The Dow Jones had a nice little spike recently. Don’t get too attached to it. It might be short-lived. The primary reason why the stocks held a major rally recently was due to oil stocks. Oil companies that are in the Dow Jones experienced a nice rally due to the short coverage of the global price of oil. This translated to a nice Dow Jones recovery.
As you can probably already tell, due to the global consumption slowdown, this is going to be a temporary thing. For the price of oil to sustain a price higher than $75-$80, a lot has to change on the ground. Unfortunately, the total global economic picture hasn’t really cleared up to pave the way for the sustained consumption to make it happen. There are still many open questions regarding the U.S. economy. There is a major question mark as to the overall health of the jobs recovery.

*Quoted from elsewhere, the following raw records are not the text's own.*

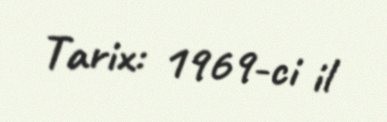
Tarix: 1969-ci il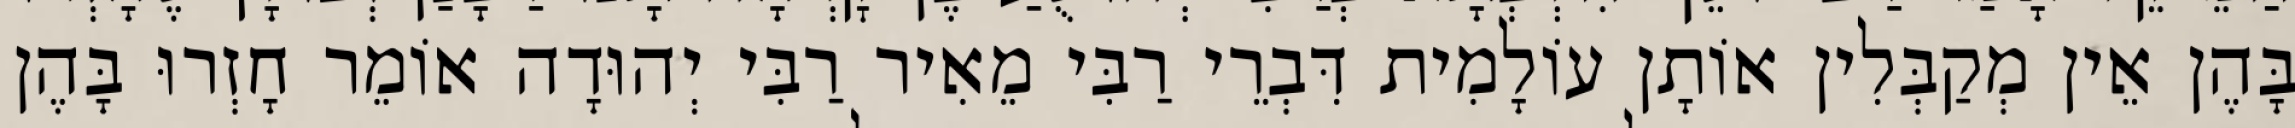
בָּהֶן אֵין מְקַבְּלִין אוֹתָן עוֹלָמִית דִּבְרֵי רַבִּי מֵאִיר רַבִּי יְהוּדָה אוֹמֵר חָזְרוּ בָּהֶן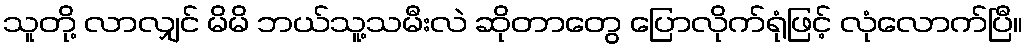
သူတို့ လာလျှင် မိမိ ဘယ်သူ့သမီးလဲ ဆိုတာတွေ ပြောလိုက်ရုံဖြင့် လုံလောက်ပြီ။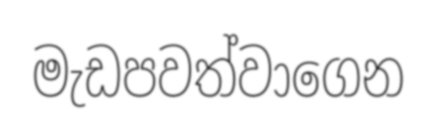
මැඩපවත්වාගෙන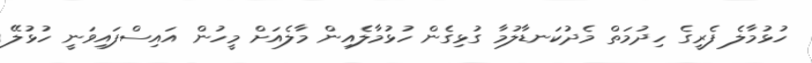
ހުޅުމާލެ ފެރީގެ ހިދުމަތް މެދުކަނޑާލުމާ ގުޅިގެން ހުޅުމާލެއިން މާލެއަށް މީހުން އައިސްފައިވަނީ ހުޅުލޭ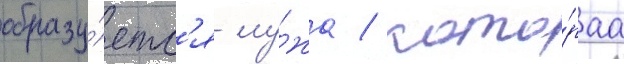
образу́етс'я лу́жа / кото́раа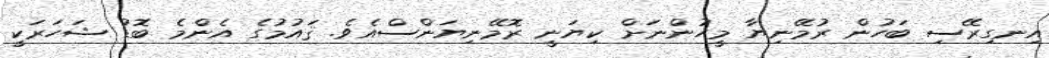
އިނގިރޭސި ބަހުން ރުމޭނިޔާ މީހުންނަށް ކިޔަނީ ރޮމޭނިޔަންސްއެވެ. ޤައުމުގެ އެންމެ ބޮޑު ޝަހަރަކީ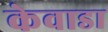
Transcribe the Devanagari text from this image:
केवाडा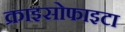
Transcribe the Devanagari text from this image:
क्राइसोफाइटा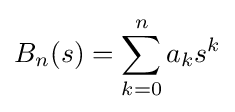
B_{n}(s)=\sum _{k=0}^{n}a_{k}s^{k}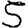
Digit: 5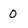
Character: 0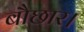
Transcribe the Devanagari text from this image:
बौछार।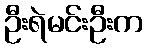
ဦးရဲမင်းဦးက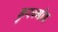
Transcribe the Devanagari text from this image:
कुरुन्गोड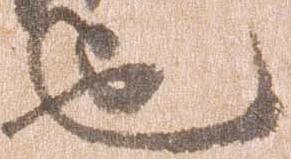
也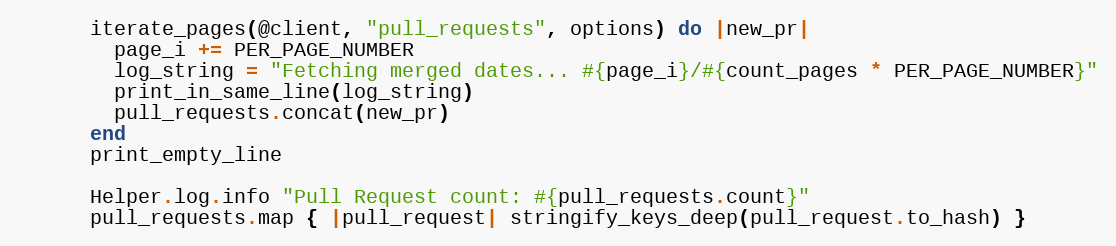
Language: Ruby
      iterate_pages(@client, "pull_requests", options) do |new_pr|
        page_i += PER_PAGE_NUMBER
        log_string = "Fetching merged dates... #{page_i}/#{count_pages * PER_PAGE_NUMBER}"
        print_in_same_line(log_string)
        pull_requests.concat(new_pr)
      end
      print_empty_line

      Helper.log.info "Pull Request count: #{pull_requests.count}"
      pull_requests.map { |pull_request| stringify_keys_deep(pull_request.to_hash) }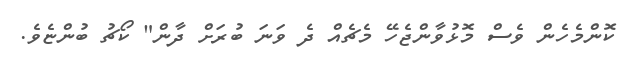
ކޮންމެހެން ވެސް މޮޅުވާންޖެހޭ މެޗެއް ދެ ވަނަ ބުރަށް ދާން" ކޯޗު ބުންޏެވެ.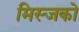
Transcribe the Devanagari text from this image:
मिस्जको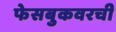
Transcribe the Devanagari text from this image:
फेसबुकवरची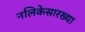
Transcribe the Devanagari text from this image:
नलिकेसारख्या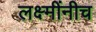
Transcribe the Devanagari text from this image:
लक्ष्मींनीच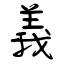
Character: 義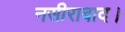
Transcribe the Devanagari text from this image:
नसीराबाद।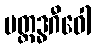
ပတ္ထဒ္ဓဂီဝေါ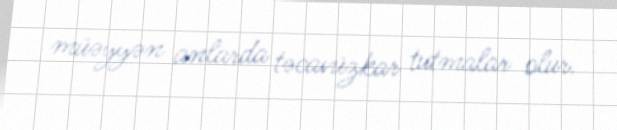
müəyyən anlarda təcavüzkar tutmalar olur.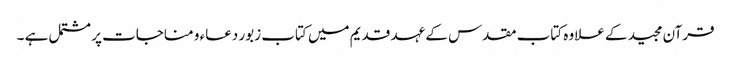
قرآن مجید کے علاوہ کتاب مقدس کے عہد قدیم میں کتاب زبور دعاء و مناجات پر مشتمل ہے ۔

You have to remember that a record number of Americans have completely given up looking for work. This means that whatever official unemployment figure may be issued by the government is inherently suspect. In short, the American economy might be weaker than reported and this might impact oil’s global overall demand. Add to this the huge supply made possible by North American shale and, to a lesser extent, Canadian tar sands, and you can see why oil doesn’t really have much to go in terms of upward momentum. Once oil reaches a certain price range, supply pressures work to send that price crashing down. Any kind of optimism triggered by the recent Dow Jones spike can definitely lead to disappointment. There is more cause for optimism if the spike was caused by non-oil stocks.